Um porta-voz do Ministério turco dos Negócios Estrangeiros, citado pela AFP, explicou que a cooperação da Turquia na resolução do fluxo de refugiados para a Europa é matéria de futuras negociações — no domingo, Angela Merkel estará na Turquia para conversar com Erdogan. O encontro adivinha-se difícil — a chanceler alemã já disse que refugiados e adesão à UE "não se misturam".
À mesa das negociações, os refugiados são usados como moeda de troca política. No terreno, a sua situação também piora — apesar de novos apelos do Governo de Berlim para que surja uma resposta conjunta para um problema comum, e para que sejam acelerados o registo e redistribuição dos refugiados nos pontos de chegada, os países continham a responder isoladamente, pela força e com o encerramento de fronteiras.

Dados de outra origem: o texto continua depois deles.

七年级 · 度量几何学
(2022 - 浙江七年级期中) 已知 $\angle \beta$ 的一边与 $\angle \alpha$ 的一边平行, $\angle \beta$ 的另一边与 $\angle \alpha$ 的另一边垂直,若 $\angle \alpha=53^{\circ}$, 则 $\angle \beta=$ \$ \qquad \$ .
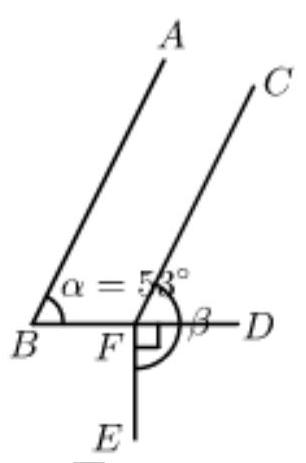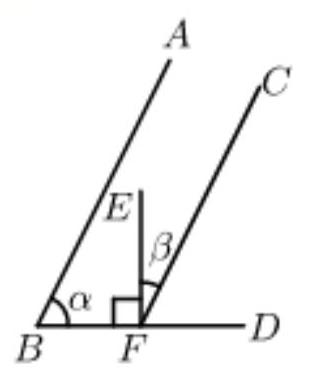
答案: $143^{\circ}$ 或 $37^{\circ}$
解析: 分 $A B / / C F, E F \perp B D$ 和 $A B / / C F, E F \perp B D$ 两种情况, 画出图形, 根据平行线的性质和垂直的定义求解.

【详解】 解：如图 $1, A B / / C F, E F \perp B D, \because A B / / C F, \therefore \angle C F D=\angle \alpha=53^{\circ}$,

$\because E F \perp B D, \quad \therefore \angle D F E=90^{\circ}, \quad \therefore \angle \beta=\angle C F D+\angle D F E=53^{\circ}+90^{\circ}=143^{\circ} ;$

如图 2, $A B / / C F, E F \perp B D, \because A B / / C F, \therefore \angle C F D=\angle \alpha=53^{\circ}$,

$\because E F \perp B D, \quad \therefore \angle E F D=90^{\circ}, \quad \therefore \angle \beta=\angle E F D-\angle C F D=90^{\circ}-53^{\circ}=37^{\circ}$;故答案为: $143^{\circ}$ 或 $37^{\circ}$.

图 1

图 2

【点睛】本题考查了平行线的性质, 垂直的定义, 解题的关键是根据题意画出图形, 分类讨论求出结果.

À margem da cimeira europeia de quinta-feira, Hungria, Polónia, República Checa e Eslováquia (o grupo de Visegrado, um pacto antigo de não agressão e cooperação) chegaram a um entendimento para colaboração no encerramento das fronteiras aos refugiados.
Assim, a Hungria vai receber da Polónia, República Checa e Eslováquia, equipamento próprio para vigilância de fronteiras, assim como os homens que operam esses veículos e máquinas.
A Hungria anunciou também o encerramento da sua fronteira com a Croácia a partir da meia-noite desta sexta-feira — há um mês encerrou a fronteira com a Sérvia — e a criação de duas zonas nesta fronteira onde os refugiados podem dirigir-se para pedir asilo.
"O conselho nacional de segurança decidiu que a Hungria respeitará as suas obrigações Schengen na fronteira Hungria-Croácia", mas esta será fechada aos refugiados, explicou o ministro dos Negócios Estrangeiros húngaro, Peter Szijjarto. Perto de 240 mil pessoas entraram na Hungria, um país de passagem até ao destino desejado, que na maior parte dos casos é a Alemanha.
Noutra destas fronteiras fortemente militarizadas, morreu o primeiro refugiado atingido por balas de um guarda de fronteira — um afegão. Foi na cidade búlgara de Sredets, a cerca de 30 quilómetros da Turquia, e a presidência búlgara disse ter sido um "trágico acidente"; o guarda disparou tiros de aviso para conter um grupo de 50 pessoas, todas entre os 20 e os 30 anos, que tentavam passar a fronteira ilegalmente.